Could you set down every entry exactly as it stands, without the images?

◆ **Data extracted from a collection**
--------------------------------
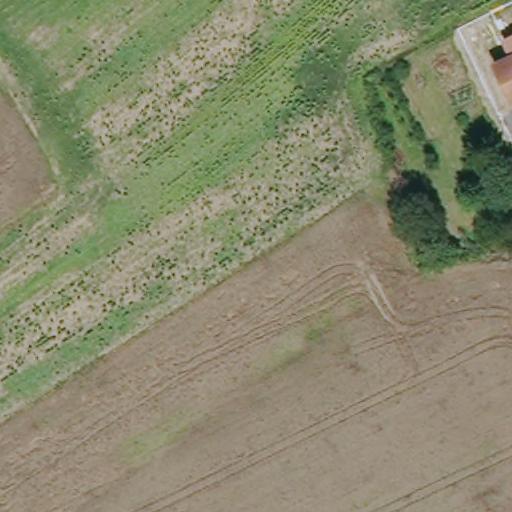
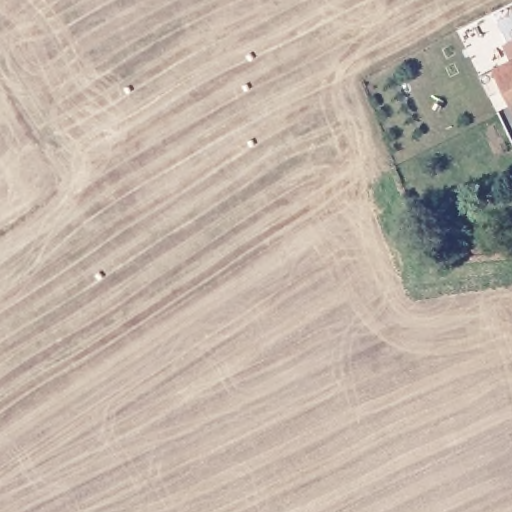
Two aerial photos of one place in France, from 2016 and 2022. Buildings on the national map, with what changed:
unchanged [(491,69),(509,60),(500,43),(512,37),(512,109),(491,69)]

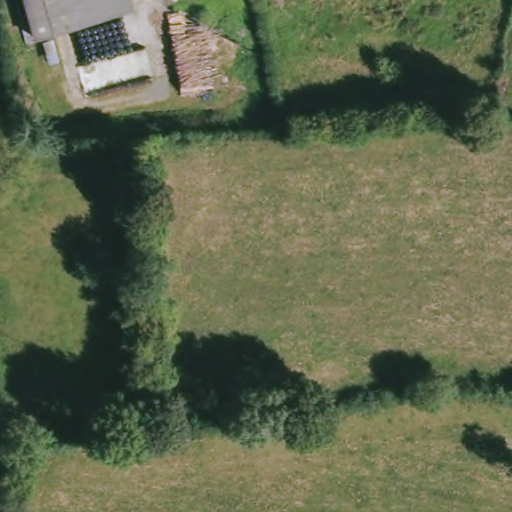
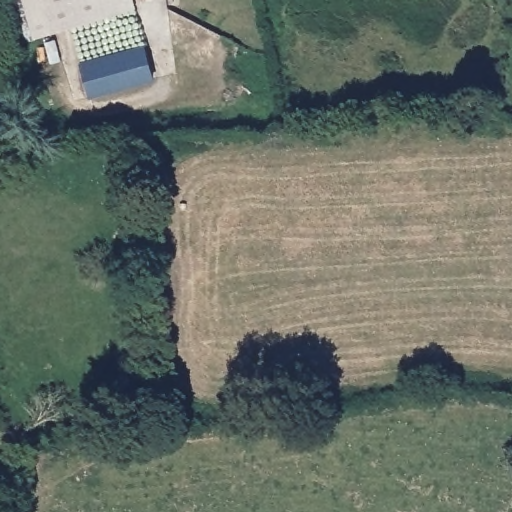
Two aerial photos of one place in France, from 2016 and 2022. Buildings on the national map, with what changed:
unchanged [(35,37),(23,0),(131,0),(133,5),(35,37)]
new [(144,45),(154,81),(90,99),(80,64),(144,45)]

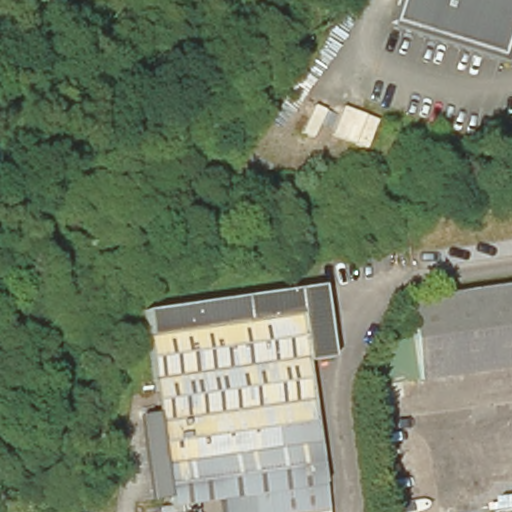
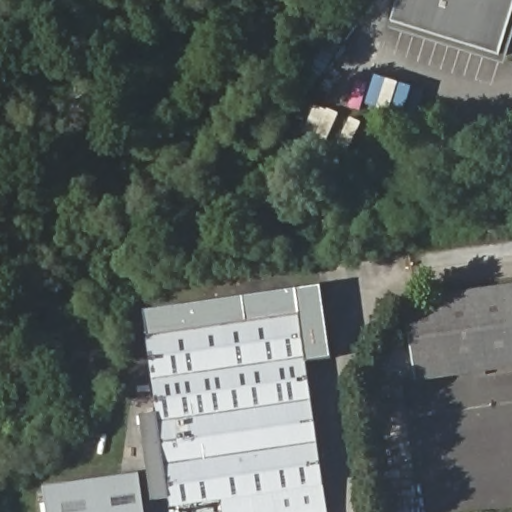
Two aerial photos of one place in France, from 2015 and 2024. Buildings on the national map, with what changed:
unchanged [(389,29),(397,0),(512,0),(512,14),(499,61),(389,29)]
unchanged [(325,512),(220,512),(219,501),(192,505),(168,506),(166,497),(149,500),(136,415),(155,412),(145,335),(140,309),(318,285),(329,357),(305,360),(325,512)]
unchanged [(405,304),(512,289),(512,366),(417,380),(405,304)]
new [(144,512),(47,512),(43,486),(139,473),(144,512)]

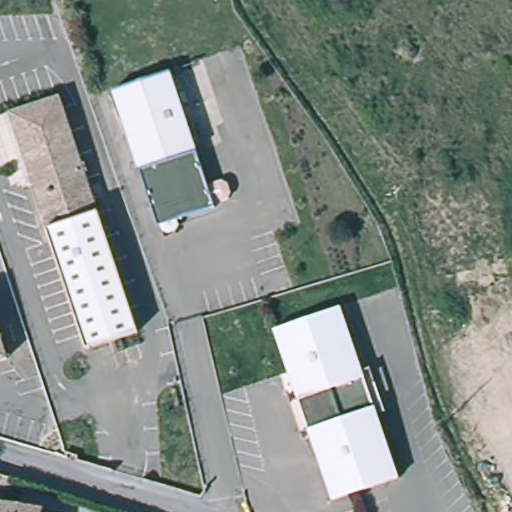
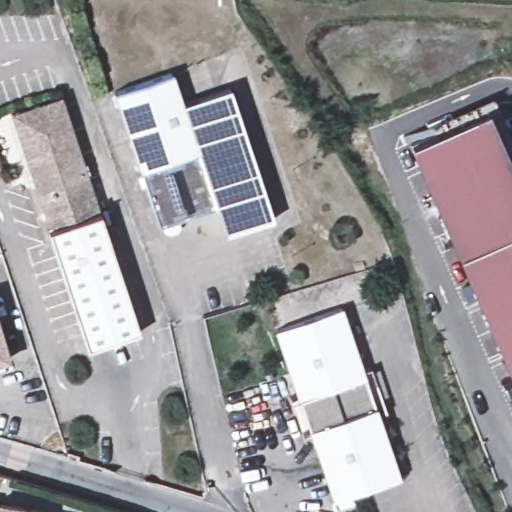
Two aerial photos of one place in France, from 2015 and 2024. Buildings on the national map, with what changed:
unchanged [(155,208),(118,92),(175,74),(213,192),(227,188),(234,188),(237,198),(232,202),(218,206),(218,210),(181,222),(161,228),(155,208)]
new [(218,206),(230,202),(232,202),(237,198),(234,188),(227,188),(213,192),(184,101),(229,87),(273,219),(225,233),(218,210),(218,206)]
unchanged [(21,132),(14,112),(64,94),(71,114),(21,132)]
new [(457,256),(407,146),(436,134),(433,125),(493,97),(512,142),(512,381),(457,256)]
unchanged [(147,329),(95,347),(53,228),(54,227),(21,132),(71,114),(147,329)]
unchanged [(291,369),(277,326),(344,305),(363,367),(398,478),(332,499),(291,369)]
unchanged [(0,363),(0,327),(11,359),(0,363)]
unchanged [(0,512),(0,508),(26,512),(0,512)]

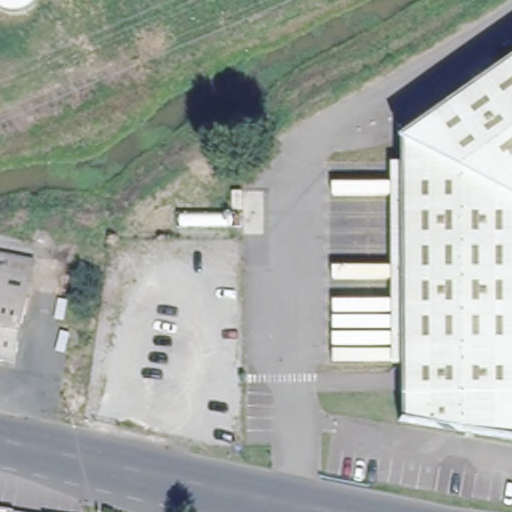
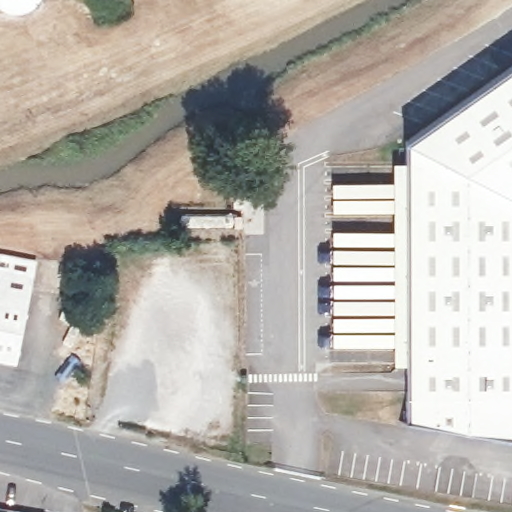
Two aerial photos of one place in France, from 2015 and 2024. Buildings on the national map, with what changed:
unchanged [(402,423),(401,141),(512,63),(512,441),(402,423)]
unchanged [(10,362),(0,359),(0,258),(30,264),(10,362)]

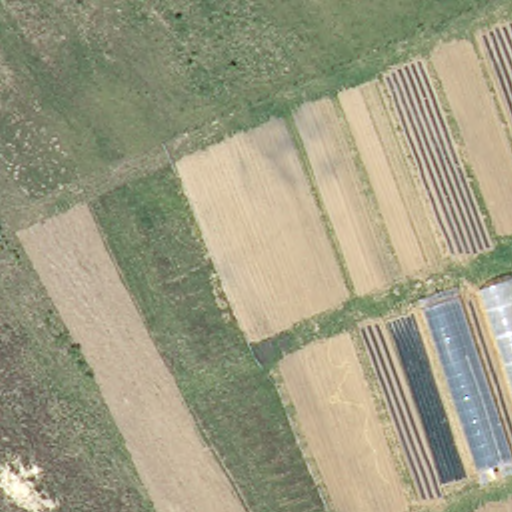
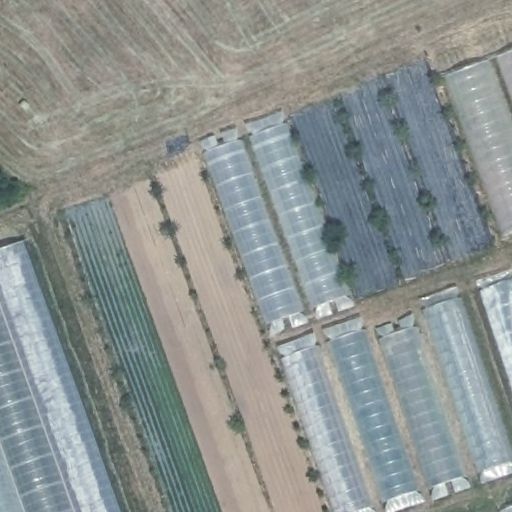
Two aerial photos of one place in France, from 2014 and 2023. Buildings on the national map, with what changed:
--------------------------------
◆ **Exercise result**
Two aerial photos of one place in France, from 2016 and 2022. Buildings on the national map, with what changed:
unchanged [(491,69),(509,60),(500,43),(512,37),(512,109),(491,69)]

Two aerial photos of one place in France, from 2016 and 2022. Buildings on the national map, with what changed:
unchanged [(35,37),(23,0),(131,0),(133,5),(35,37)]
new [(144,45),(154,81),(90,99),(80,64),(144,45)]

Two aerial photos of one place in France, from 2015 and 2024. Buildings on the national map, with what changed:
unchanged [(389,29),(397,0),(512,0),(512,14),(499,61),(389,29)]
unchanged [(325,512),(220,512),(219,501),(192,505),(168,506),(166,497),(149,500),(136,415),(155,412),(145,335),(140,309),(318,285),(329,357),(305,360),(325,512)]
unchanged [(405,304),(512,289),(512,366),(417,380),(405,304)]
new [(144,512),(47,512),(43,486),(139,473),(144,512)]

Two aerial photos of one place in France, from 2015 and 2024. Buildings on the national map, with what changed:
unchanged [(155,208),(118,92),(175,74),(213,192),(227,188),(234,188),(237,198),(232,202),(218,206),(218,210),(181,222),(161,228),(155,208)]
new [(218,206),(230,202),(232,202),(237,198),(234,188),(227,188),(213,192),(184,101),(229,87),(273,219),(225,233),(218,210),(218,206)]
unchanged [(21,132),(14,112),(64,94),(71,114),(21,132)]
new [(457,256),(407,146),(436,134),(433,125),(493,97),(512,142),(512,381),(457,256)]
unchanged [(147,329),(95,347),(53,228),(54,227),(21,132),(71,114),(147,329)]
unchanged [(291,369),(277,326),(344,305),(363,367),(398,478),(332,499),(291,369)]
unchanged [(0,363),(0,327),(11,359),(0,363)]
unchanged [(0,512),(0,508),(26,512),(0,512)]

Two aerial photos of one place in France, from 2015 and 2024. Buildings on the national map, with what changed:
unchanged [(402,423),(401,141),(512,63),(512,441),(402,423)]
unchanged [(10,362),(0,359),(0,258),(30,264),(10,362)]

Two aerial photos of one place in France, from 2014 and 2023. Buildings on the national map, with what changed:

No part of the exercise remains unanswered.